Josie Grace

In Loving Memory of Josie Grace
August 20, 2024

I don’t know who rescued who. Josie found me at a time when my life had been destroyed into a million pieces with no shred of what had been. No resemblance to my past. Not even my name.

When we met, she was in a critical health condition, and emotionally her spirit crushed to where she didn’t understand play or bark. After 8 good years, she had been discarded. I felt like we understood each other.

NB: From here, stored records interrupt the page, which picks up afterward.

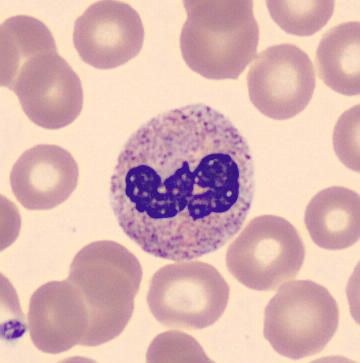The cell shown is a segmented neutrophil. Acquisition: Peripheral blood film.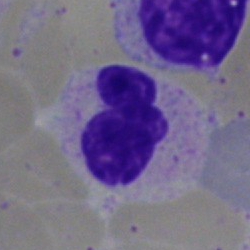

Single-cell crop from a bone marrow smear: segmented neutrophil.
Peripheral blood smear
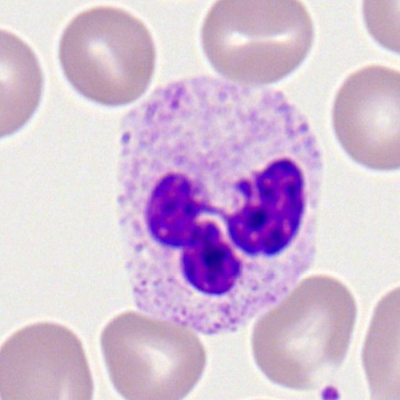

The cell shown is a polymorphonuclear neutrophil.
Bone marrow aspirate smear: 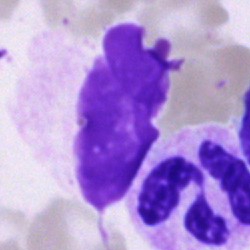
The cell type is polymorphonuclear neutrophil.
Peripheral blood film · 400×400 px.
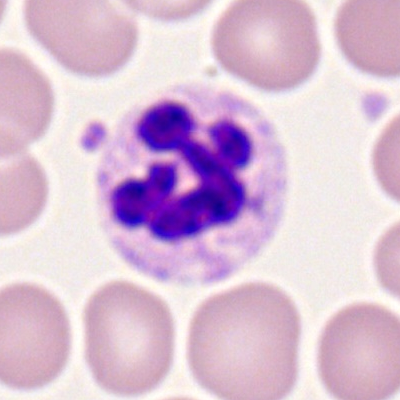Q: What is shown here?
A: This is a neutrophil (segmented).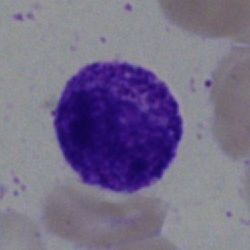
Single cell identified as a metamyelocyte.
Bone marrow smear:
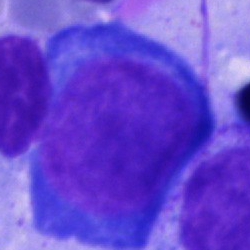
{"cell_type": "pronormoblast"}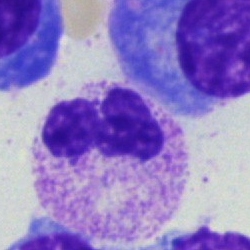

Specimen: bone marrow smear.
Cell type: neutrophil (segmented).
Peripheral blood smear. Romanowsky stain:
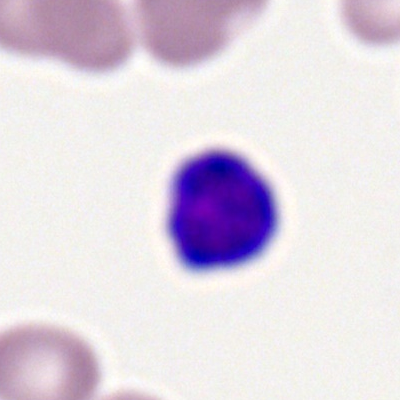Q: Which cell type is shown here?
A: Lymphocyte.
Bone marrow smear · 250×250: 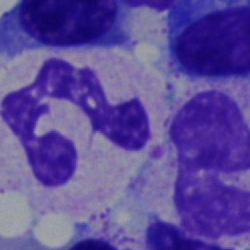Specimen: bone marrow smear.
Cell: segmented neutrophil.
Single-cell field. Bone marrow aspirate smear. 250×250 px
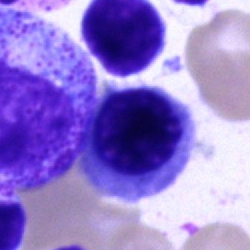 A nucleated red blood cell.
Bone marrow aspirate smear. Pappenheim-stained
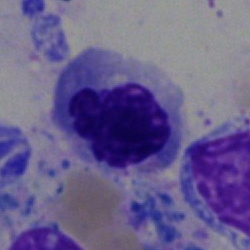

The cell type is nucleated red cell.
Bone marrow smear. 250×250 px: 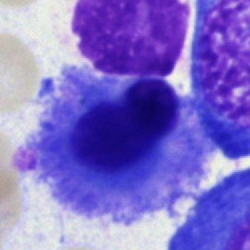
Morphology → unidentifiable cell.
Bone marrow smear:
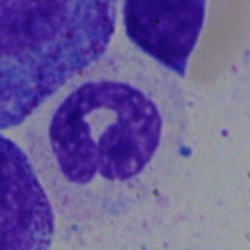

The cell type is polymorphonuclear neutrophil.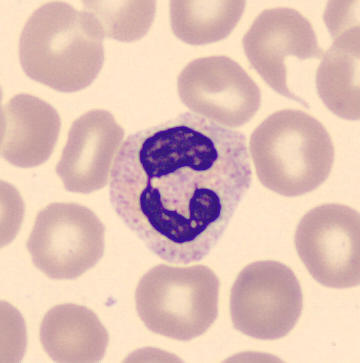 The cell shown is a neutrophil (segmented).
Preparation: Peripheral blood smear.
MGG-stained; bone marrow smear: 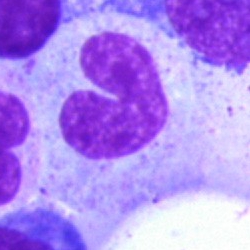Morphological class: band-form neutrophil.
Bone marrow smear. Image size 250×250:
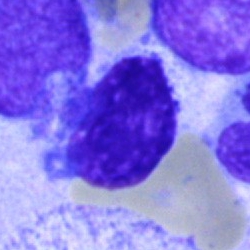Specimen: bone marrow smear.
Cell type: artefact.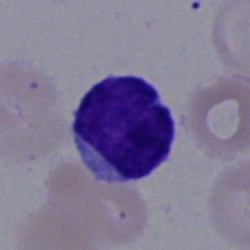Impression — lymphocyte.
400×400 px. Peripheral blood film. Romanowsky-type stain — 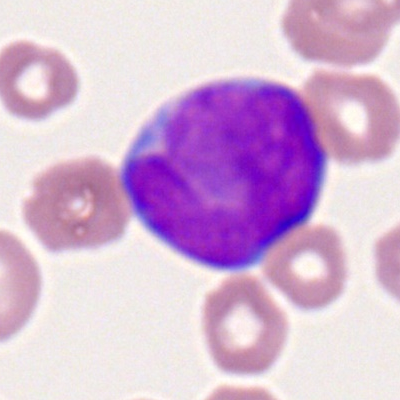
Specimen: peripheral blood film.
Morphological class: myeloblast.
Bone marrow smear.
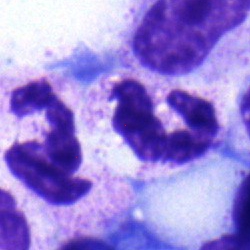
Classification — neutrophil (segmented).
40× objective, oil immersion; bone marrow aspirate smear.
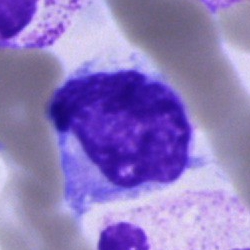
Cell type — unidentifiable cell.

It was March 2018 and my niece was checking out the adoptable at a pet store. Josie wasn’t getting any attention from anyone. She was hairless, shaved down, and had a funny walk due to her back knees. I couldn't help but be drawn to her. She looked like she needed love and a good snuggle.

The next day I drove out to meet her again. They couldn’t find her for quite a while. She had been curled up on a stack of stuff under the front counter in the corner hiding. They didn’t know what the last time she ate was. They said she was having a hard time. She had been there since December. This was March.

She didn’t want anything to do with me when they brought her in. Her eyes were tear-stained and her spirit was crushed. She didn’t play. She didn’t bark. She only watched everything from a state of shock, looking for where she could curl up and sleep. I can only imagine the horrible life she had previously.

I can’t explain what happened next, but I knew I had to take her. I knew she needed a good home and if she stayed there she wouldn’t make it. I felt the only choice was to bring her home and snuggle. My initial thought was to get her healthy and then help her find a loving quiet home.

Both of us were apprehensive, but in need of each other, so it began.

I told her if she liked me and was good to travel then this might work out.

Josie Grace was a pro cuddler and the best traveler, so.....

Thousands of miles, 2 states, countless flights, road trips, zooms, in-person meetings, presentations, family gatherings, shopping trips, taco dates, and multiple moves later…she became my love.

The couch was her throne. The entire bed belonged to her, specifically the pillow next to me.

She was my good morning and my goodnight.

She was the constant in my life when nothing else made sense.

I could just sit in the quiet with her and just think, or work, but most importantly pray.

We all loved Josie.

We all know she knew she wasn’t a dog or a Pomeranian, she was a Josie. Only one of her kind.

I've always said I rescued her and yet, I think she rescued me. I believe in reality, we rescued each other.

Oliver and I are beyond words with the pain over the loss of our girlfriend.

Love you schnoozie, my little lover, mama's sweet girl, the boss, our girlfriend, and forever, my Josie Grace.